Nach der Neufassung von § 15 Abs. 3 Nr. 1 EStG durch das Jahressteuergesetz 2007 sollte - rechtsprechungsbrechend - eine Abfärbung bei Beteiligung einer vermögensverwaltenden Personengesellschaft an einer gewerblichen Mitunternehmerschaft eintreten. Nach § 52 Abs. 32a EStG sei die Neuregelung auch für Veranlagungszeiträume vor 2005 anzuwenden. Als Begründung führe der Gesetzgeber an, dass auf diesem Wege komplizierte Übergangsregelungen vermieden werden könnten. Aufgrund der Ausweitung der Abfärbetheorie durch die Gesetzesneuregelung würde sie in eine gewerblich tätige Gesellschaft umqualifiziert.

Die Neuregelung könne jedoch nur dann Wirkung entfalten, wenn § 15 Abs. 3 Nr. 1 EStG n.F. verfassungsgemäß sei. Daran bestünden jedoch erhebliche Zweifel. Es sei allgemein anerkannt, dass eine echte Rückwirkung bzw. Rückwirkung von Rechtsfolgen gegen das verfassungsrechtliche Rechtsstaatsprinzip i.S.d. Art. 20 Grundgesetz GG verstoße.
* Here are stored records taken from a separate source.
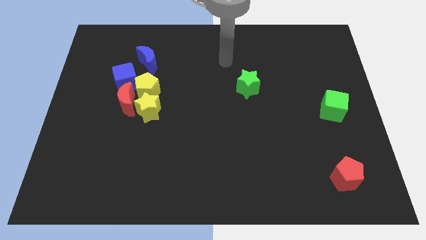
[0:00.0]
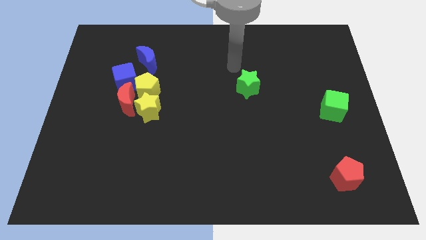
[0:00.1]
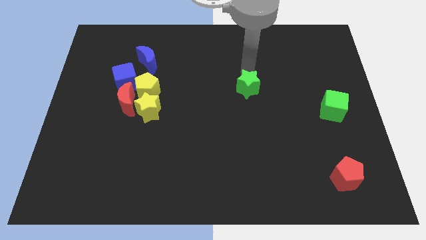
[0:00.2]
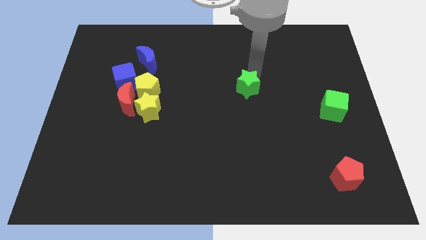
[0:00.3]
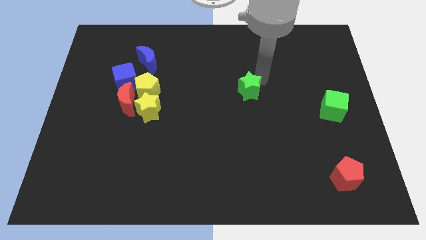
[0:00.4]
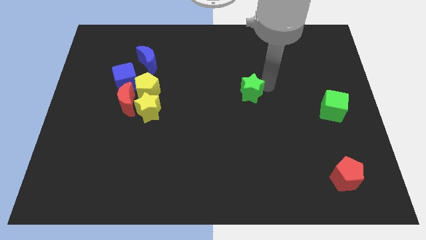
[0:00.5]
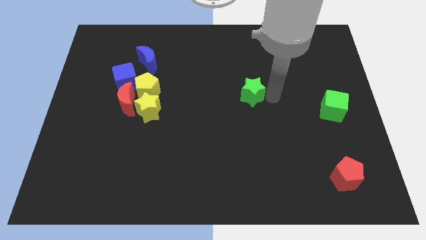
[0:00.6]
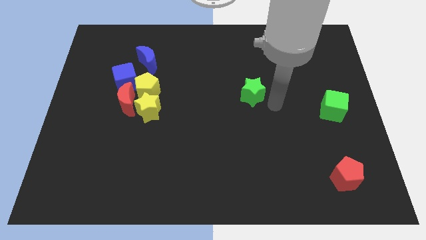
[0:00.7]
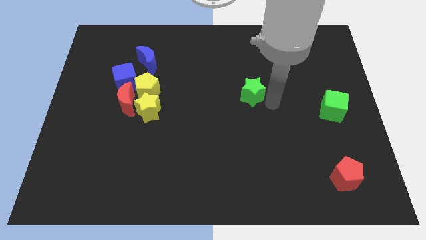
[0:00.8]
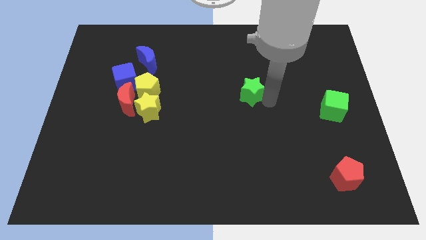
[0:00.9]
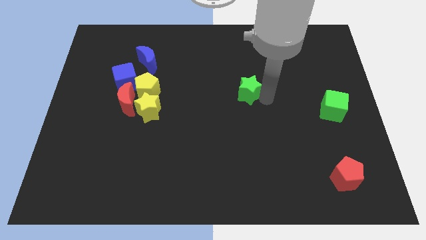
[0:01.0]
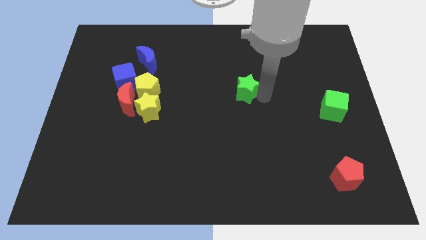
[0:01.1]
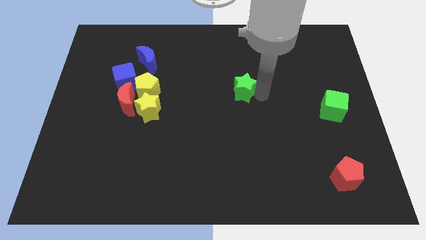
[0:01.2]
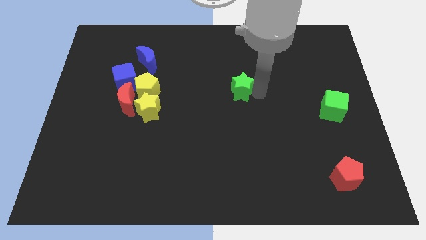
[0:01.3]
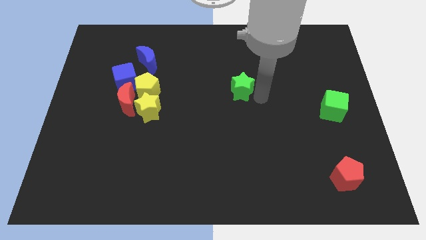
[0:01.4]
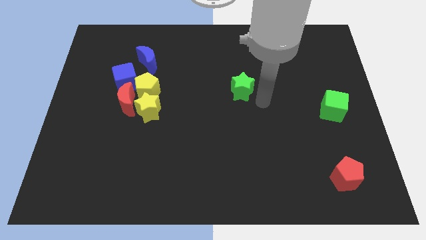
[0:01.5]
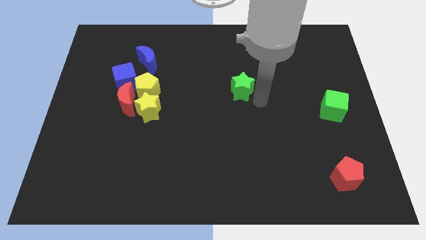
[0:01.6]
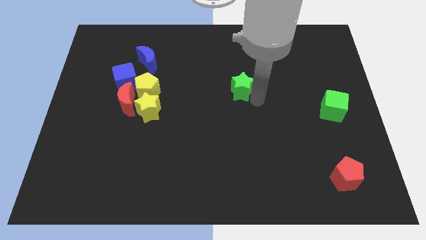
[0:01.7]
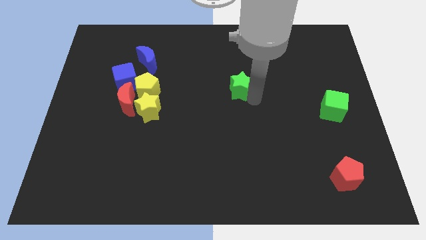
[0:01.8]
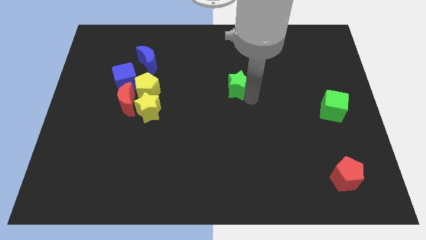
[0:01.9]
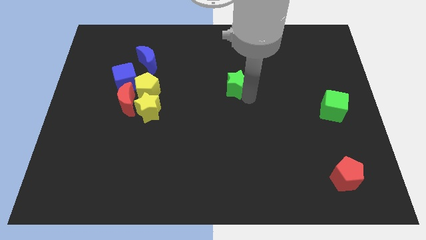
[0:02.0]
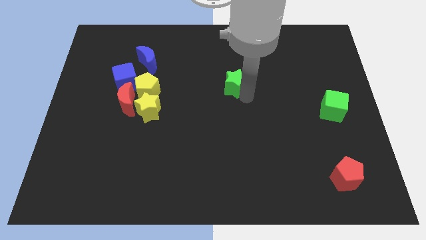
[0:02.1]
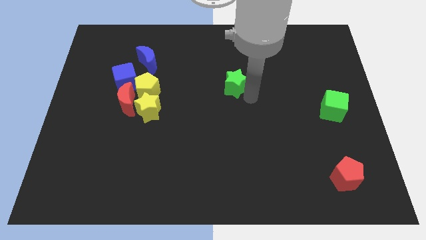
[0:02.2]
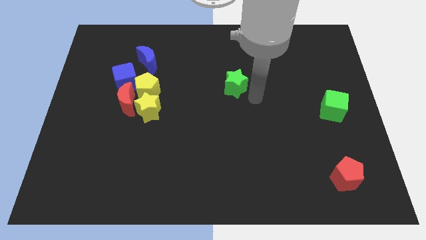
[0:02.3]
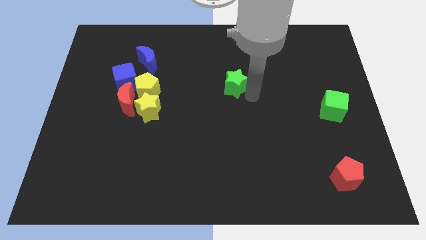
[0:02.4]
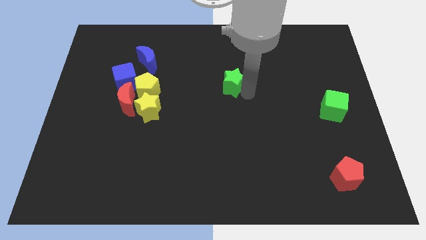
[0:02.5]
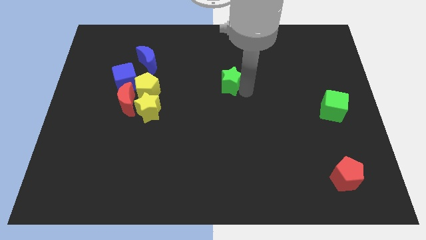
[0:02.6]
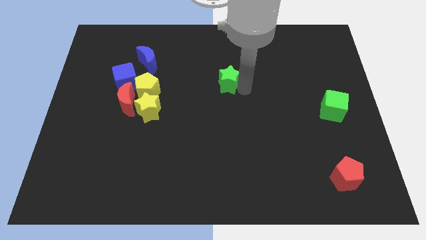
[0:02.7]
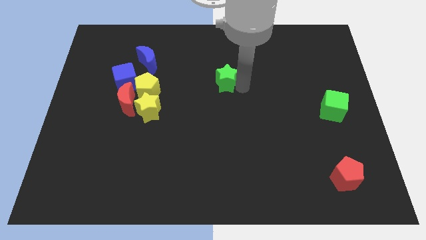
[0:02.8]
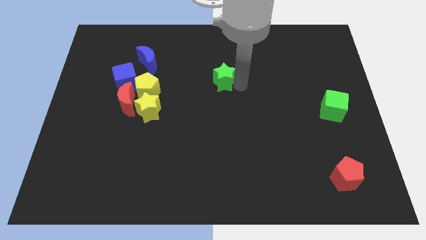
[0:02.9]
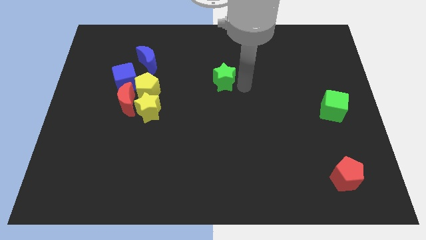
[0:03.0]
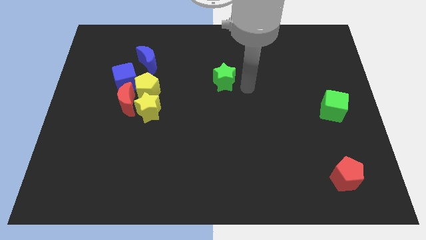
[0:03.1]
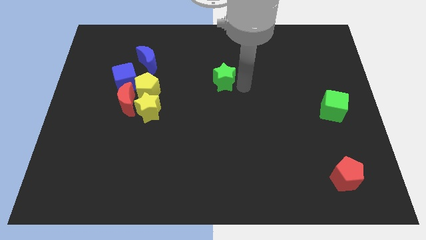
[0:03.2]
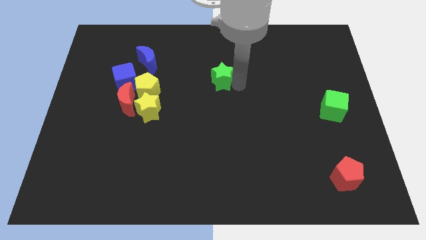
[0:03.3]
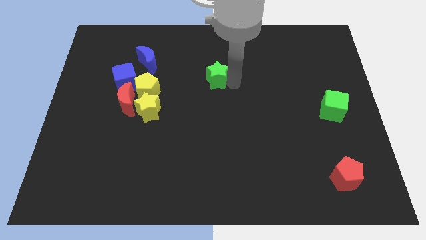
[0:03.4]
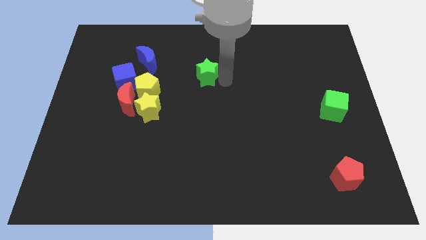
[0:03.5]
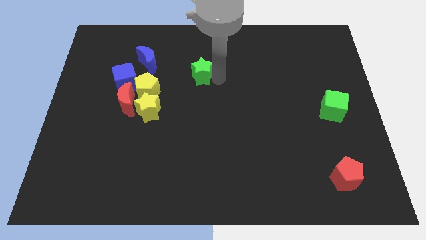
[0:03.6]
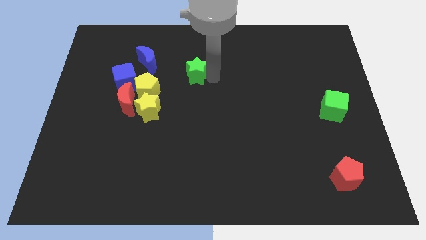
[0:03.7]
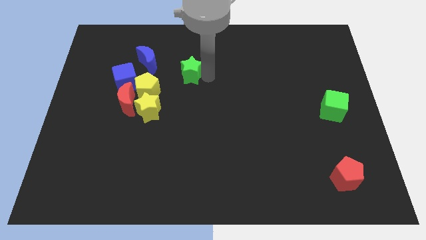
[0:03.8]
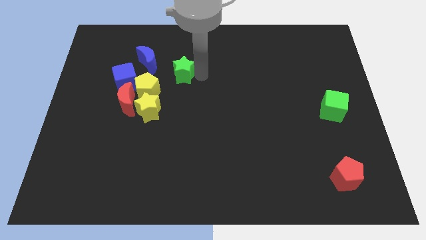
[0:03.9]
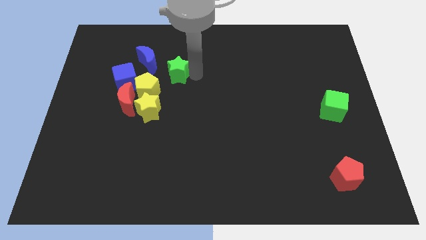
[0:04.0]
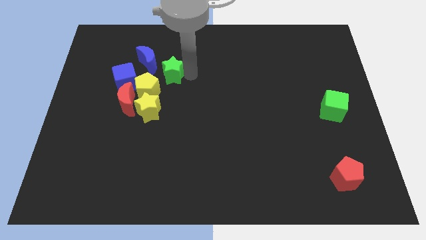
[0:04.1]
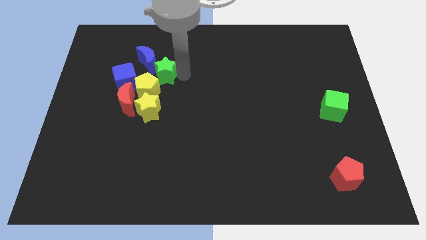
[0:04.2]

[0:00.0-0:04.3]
slide the green star to the blue moon

Eine echte (retroaktive) Rückanknüpfung einer Rechtsform liege vor, wenn eine Norm nachträglich ändernd in abgewickelte, der Vergangenheit angehörende Tatbestände eingreife. Somit betreffe eine echte Rückwirkung Fälle, in denen die Tatbestandsverwirklichung ausschließlich vor Verkündung des Gesetzes liege.

Vorliegend seien die Beteiligungseinkünfte in den Jahren 2000 bis 2004 erzielt worden. Diese Sachverhalte seien mit Beendigung des jeweiligen Veranlagungszeitraumes abgeschlossen.

Da der Gesetzgeber durch das Jahressteuergesetz 2007 diesen abgeschlossenen Sachverhalt mit neuen steuerlichen Rechtsfolgen belegen wolle, liege ein Fall echter Rückwirkung vor. Die Gesetzesbegründung sei nicht geeignet, den Eingriff in das verfassungsrechtlich gewährleistete Rechtsstaatsprinzip zu rechtfertigen.

Die Gesetzesänderung sei auch nicht nur rein deklaratorischer Natur, da der BFH in seiner Entscheidung vom 6. Oktober 2004 die vorherige abweichende materielle Rechtslage verbindlich festgestellt habe.

Da die Rückwirkung der Neuregelung auf vor dem Veranlagungszeitraum 2005 abgeschlossene Sachverhalte dem verfassungsrechtlich gewährleisteten Rechtsstaatsprinzip entgegenstehe und somit verfassungswidrig sei, könne sie im vorliegenden Fall keine Wirkung entfalten. Somit sei der vorliegende Sachverhalt nicht nach der neuen Gesetzeslage, sondern nach den Grundsätzen des BFH-Urteils vom 6. Oktober 2004 zu beurteilen.

Sie sei auch nicht mir ihren übrigen Einkünften originär gewerbesteuerpflichtig. Sie sei durch Vergabe von Darlehen - vermögensverwaltend tätig. Darüber hinaus habe sie in einem begrenzten Zeitraum in ihrer Funktion als Treuhänderin Gewinnauszahlungen vorgenommen. Über ihre Konten würden keine Spieleinsätze aus- oder eingezahlt. Insofern habe sie keine gewerbesteuerpflichtigen Einkünfte erzielt.

Entgegen der Auffassung des Antragsgegners sei das BFH-Urteil vom 6. Oktober 2004 (BStBl II 2005, 383) auch im vorliegenden Fall einschlägig. Es mache keinen entscheidungserheblichen Unterschied, ob die vermögensverwaltende Tätigkeit durch Erzielung von Einkünften aus Vermietung und Verpachtung oder aus Kapitalvermögen ausgeübt werde. Ebenso wenig könne es für die Qualifizierung der Tätigkeit keinen Unterschied machen, ob die Gewinnermittlung durch Einnahmenüberschussrechnung oder durch Bilanzierung erfolge.

Die Antragstellerin beantragt,

die Bescheide über den Gewerbesteuermessbetrag für 2000 und 2001 vom 4. September 2006 ohne Sicherheitsleistung von der Vollziehung auszusetzen.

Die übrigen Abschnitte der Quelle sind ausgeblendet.